Malaria cases drop by 62pc
Bangladesh witnessed a remarkable 62 percent decline in the prevalence of malaria in 2017-18, said a World Health Organization report.
There were a total of 5,133 presumed and confirmed malaria cases detected in 2017, which dropped to 1,919 the following year.
Praising Bangladesh for its efforts to eradicate the mosquito-borne disease, the report said, “Two countries in the region reported substantial decline in total reported cases between 2017 and 2018: by 62 percent in Bangladesh and by 21 percent in Thailand.”
In Bangladesh, only seven malaria patients died in 2018, which was 13 in 2017. The number was 37 in 2010, the report mentioned.
WHO, in its “World Malaria Report 2019” released on December 4, said women, children and economically vulnerable groups were hit the hardest. It summed up the progress made by countries and the current problems to overcome.
This year, Bangladesh witnessed the deadliest attack of dengue, another mosquito-borne disease that killed 112 people, although unofficial figures are much higher.
Dengue was first confined to Dhaka, but it later spread across the country. So far, more than one lakh dengue patients have been treated in hospitals across the country this year.
Experts said it was possible to tackle the disease if Bangladesh took long term, organised steps, similar to the ones it took on malaria.
“We have been working for a long time to eliminate malaria from the country. We had taken a number of short-term and long-term programmes and now we are reaping the benefits of those programmes,” Prof Dr Abul Kalam Azad, director general of the Directorate General of Health Services (DGHS), told The Daily Star.
The authorities, however, could not predict the massiveness of dengue and it was not in the policy planning, he added.
“Now we are taking up long term projects and hopeful that we will be able to eliminate dengue from the country too.”
According to the WHO report, an estimated 1.61 billion people in the South-East Asia region are at risk of malaria.
It said in 2018, the region had almost 8 million estimated cases and about 11,600 estimated deaths -- reductions of 69 percent and 70 percent respectively from 2010 -- representing the largest decline among all regions.
Prof Mahmudur Rahman, former director of the Institute of Epidemiology Disease Control and Research (IEDCR), said the measures to check dengue and malaria are different, but if organised and long-term programmes were taken in the case of dengue, it could have been contained.
“Bangladesh has been working for a long time to eliminate malaria in an organised manner.

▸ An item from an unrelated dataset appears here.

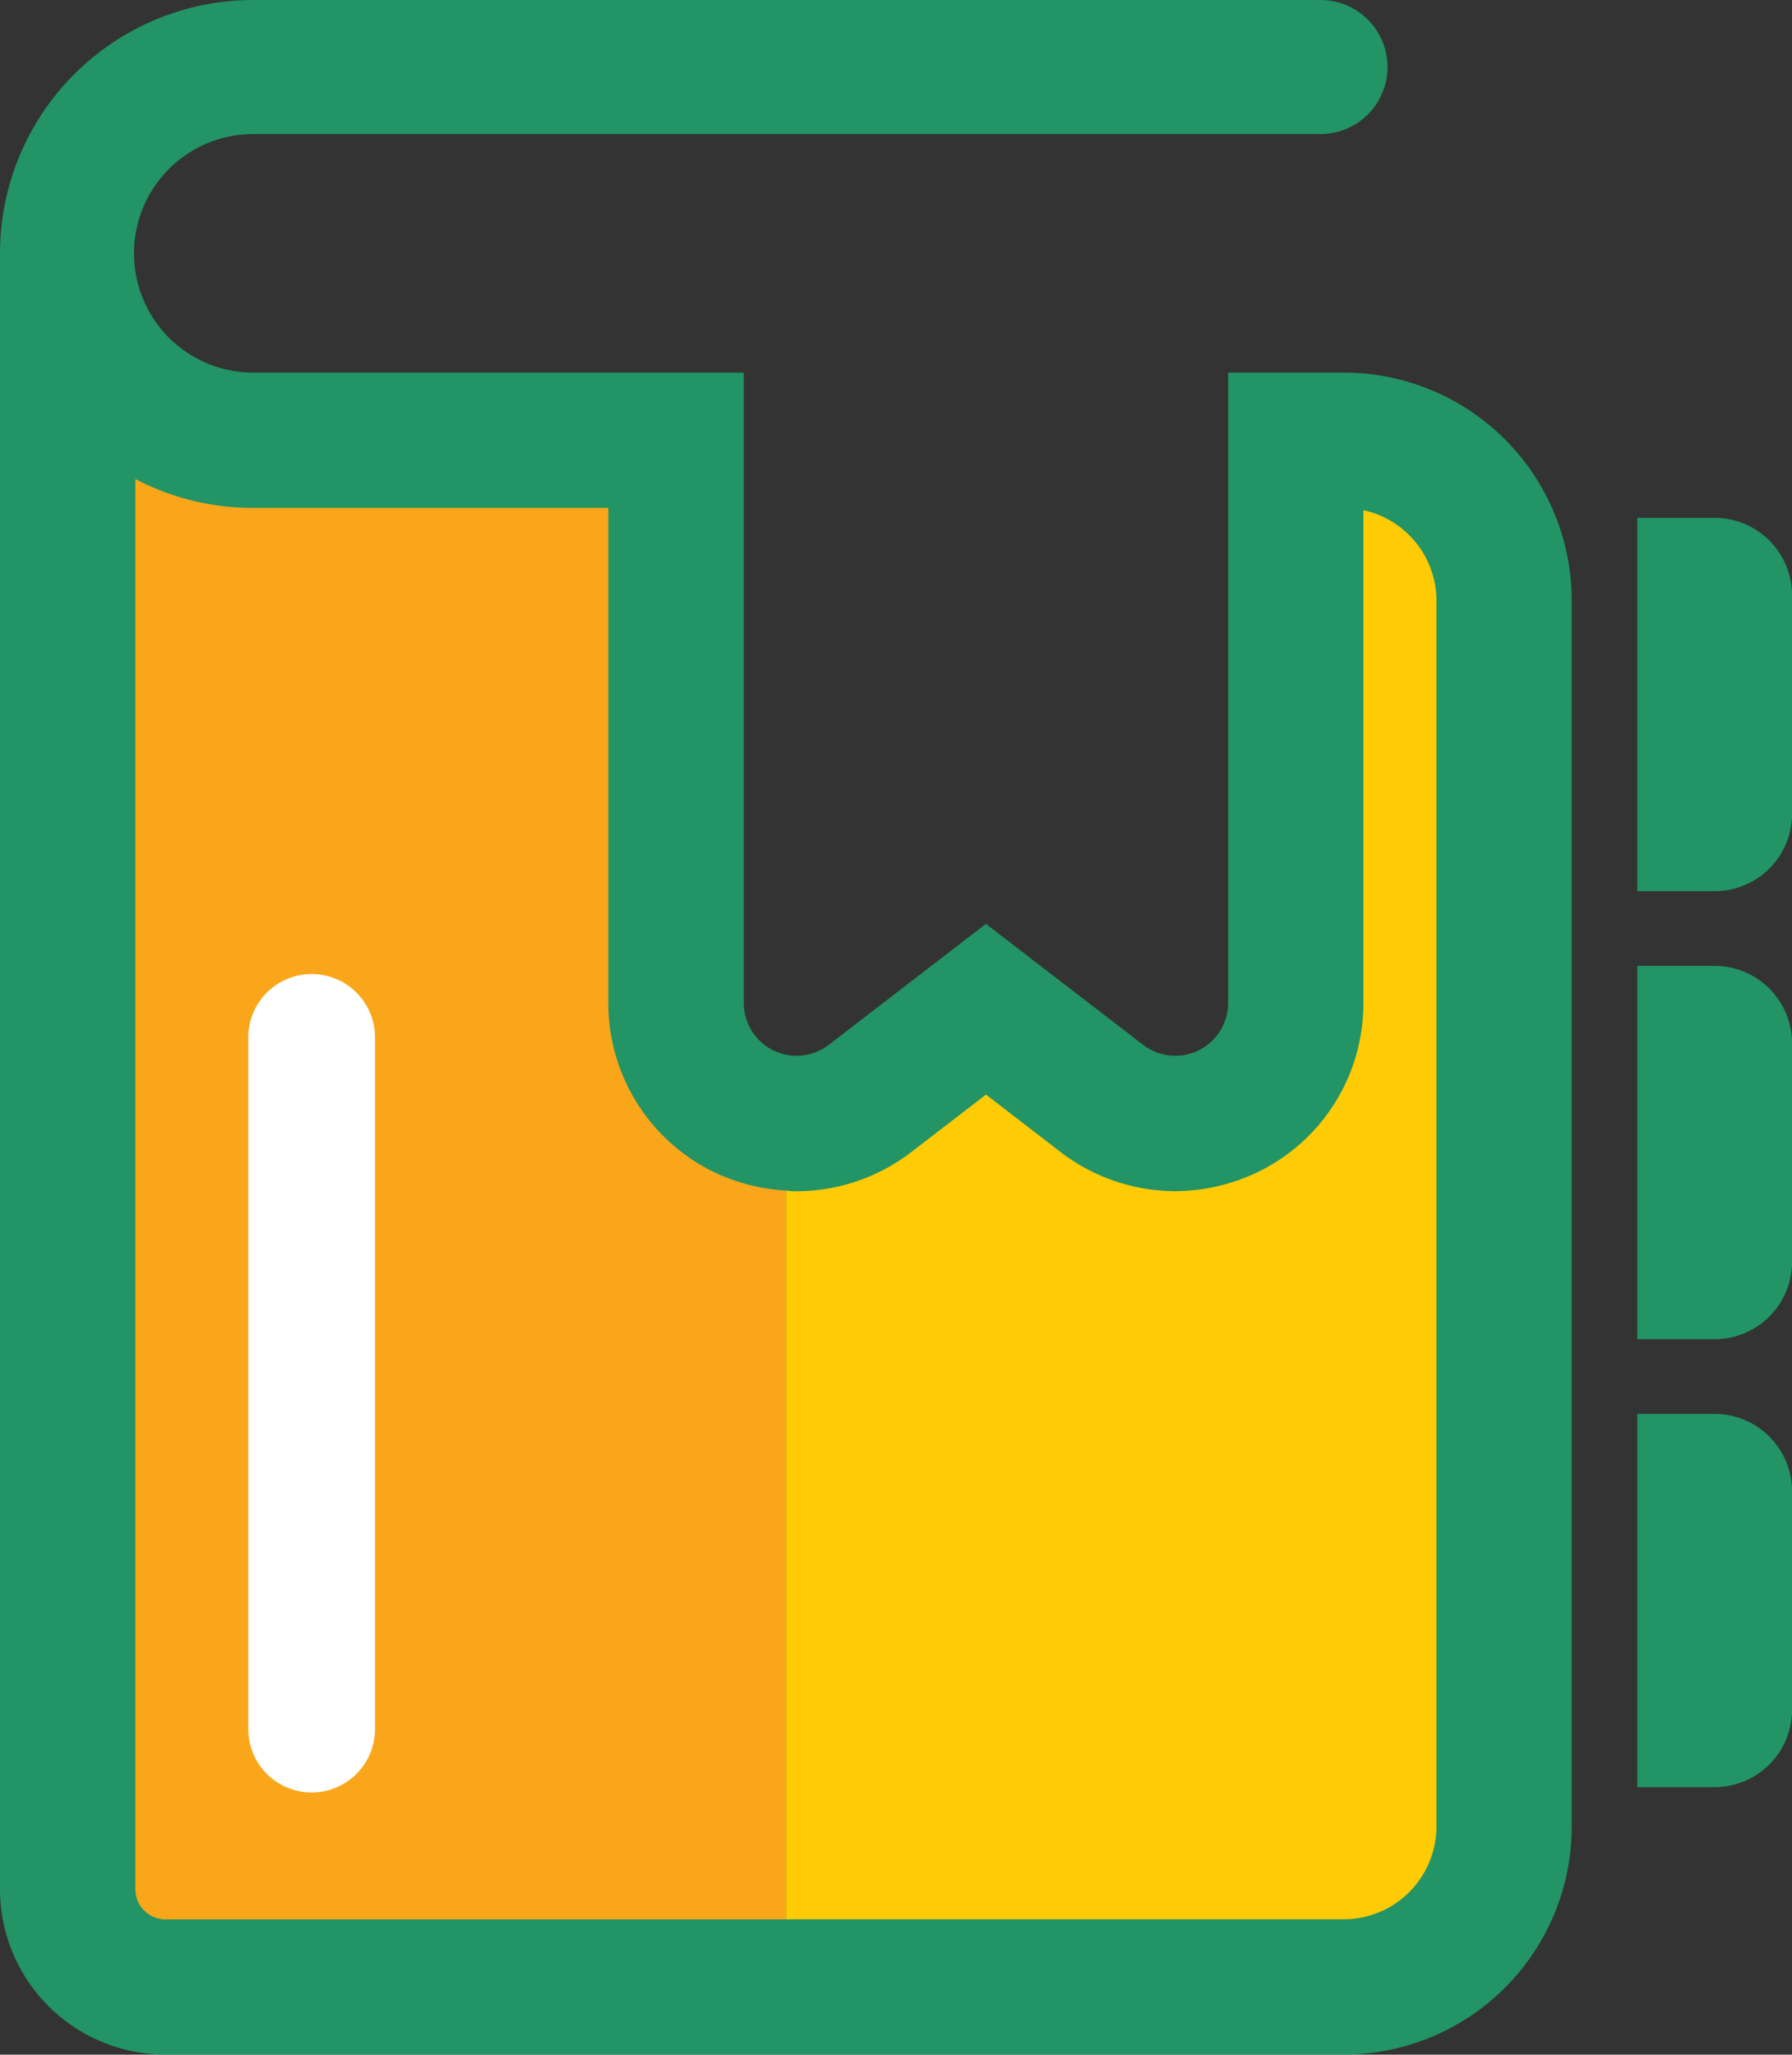 <svg xmlns="http://www.w3.org/2000/svg" xmlns:xlink="http://www.w3.org/1999/xlink" width="65.025" height="74.533" viewBox="0 0 65.025 74.533"><rect x="0" y="0" width="65.025" height="74.533" fill="#333333" stroke="none"/><defs><clipPath id="a"><rect width="65.025" height="74.533" fill="none"/></clipPath></defs><g transform="translate(0 0)" clip-path="url(#a)"><path d="M47.916,0H9.189A9.194,9.194,0,0,0,0,9.19V68.528a6,6,0,0,0,6,6H48.757a8.272,8.272,0,0,0,8.275-8.27V21.786a8.272,8.272,0,0,0-8.275-8.27H44.563V36.379A1.915,1.915,0,0,1,41.479,37.9l-5.705-4.387-5.7,4.387a1.915,1.915,0,0,1-3.084-1.519V13.516H9.189a4.326,4.326,0,0,1,0-8.653H47.916a2.431,2.431,0,0,0,0-4.863" transform="translate(0 0)" fill="#229465"/><path d="M26.986,46.366a6.811,6.811,0,0,1-3.823-6.131V22.277H10.28A9.17,9.17,0,0,1,6,21.229v51.15a1.1,1.1,0,0,0,1.1,1.1H29.605V47.04a6.973,6.973,0,0,1-2.619-.674" transform="translate(-1.089 -3.853)" fill="#faa61a"/><path d="M55.793,22.609V40.486A6.782,6.782,0,0,1,52,46.6a6.937,6.937,0,0,1-3.029.712A6.863,6.863,0,0,1,44.8,45.888l-2.7-2.079L39.382,45.9a6.86,6.86,0,0,1-4.158,1.416c-.129,0-.256-.015-.385-.022V73.726H55.081a3.369,3.369,0,0,0,3.364-3.364V25.891a3.362,3.362,0,0,0-2.652-3.282" transform="translate(-6.322 -4.103)" fill="#ffcb05"/><path d="M75.081,34.9V25.448h.758a.765.765,0,0,1,.764.765v7.925a.764.764,0,0,1-.764.763Z" transform="translate(-13.625 -4.618)" fill="#ffcb05"/><path d="M75.385,22.948h-2.8V36.493h2.8A2.812,2.812,0,0,0,78.2,33.684V25.76a2.814,2.814,0,0,0-2.812-2.812" transform="translate(-13.172 -4.164)" fill="#229465"/><path d="M75.081,74.612V65.16h.758a.765.765,0,0,1,.764.763v7.924a.766.766,0,0,1-.764.765Z" transform="translate(-13.625 -11.825)" fill="#ffcb05"/><path d="M75.385,62.66h-2.8V76.2h2.8A2.813,2.813,0,0,0,78.2,73.393V65.469a2.812,2.812,0,0,0-2.812-2.809" transform="translate(-13.172 -11.371)" fill="#229465"/><path d="M75.081,54.756v-9.45h.758a.764.764,0,0,1,.764.762v7.925a.765.765,0,0,1-.764.763Z" transform="translate(-13.625 -8.222)" fill="#ffcb05"/><path d="M75.385,42.805h-2.8V56.348h2.8A2.812,2.812,0,0,0,78.2,53.538V45.614a2.813,2.813,0,0,0-2.812-2.809" transform="translate(-13.172 -7.768)" fill="#229465"/><line y1="25.089" transform="translate(11.308 37.633)" fill="none" stroke="#fff" stroke-linecap="round" stroke-linejoin="round" stroke-width="4.6"/></g></svg>

External funds were also a factor,” he said.
The report said all countries are targeting to achieve a more than 40 percent reduction in Malaria cases by 2020, and all have strategic plans that aim for malaria elimination by 2030 at the latest.
Three countries accounted for 98 percent of the total reported cases in the region, the main contributor being India (58 percent), followed by Indonesia (30 percent) and Myanmar (10 percent), it said.
The major challenges remain decreased funding, treatment failures and vector resistance to pyrethroids, the insecticides used against the vectors, the WHO said.
It said the 2000-2015 period saw an exceptional reduction of malaria burden around the world, with many countries with a low burden of malaria having moved quickly towards elimination.
In recent years, however, global progress in reducing the rate of new malaria infections has slowed.
There were an estimated 228 million cases in 2018, compared to 231 million in 2017, while the global incidence rate of malaria, or the number of cases per 1,000 population, fell from 71 in 2010 to 57 in 2014 and remained at similar levels through 2018, the report said.
Global progress in reducing deaths has also slowed.
The major burden of malaria remains heavily concentrated in Africa. In 2018, the African Region accounted for 93 percent of all cases worldwide, according to WHO.
In view of recent trends, the report estimated that the global target of reducing case incidence and death rates of at least 40 percent by 2020, compared with a 2015 baseline, would likely be missed, the report added.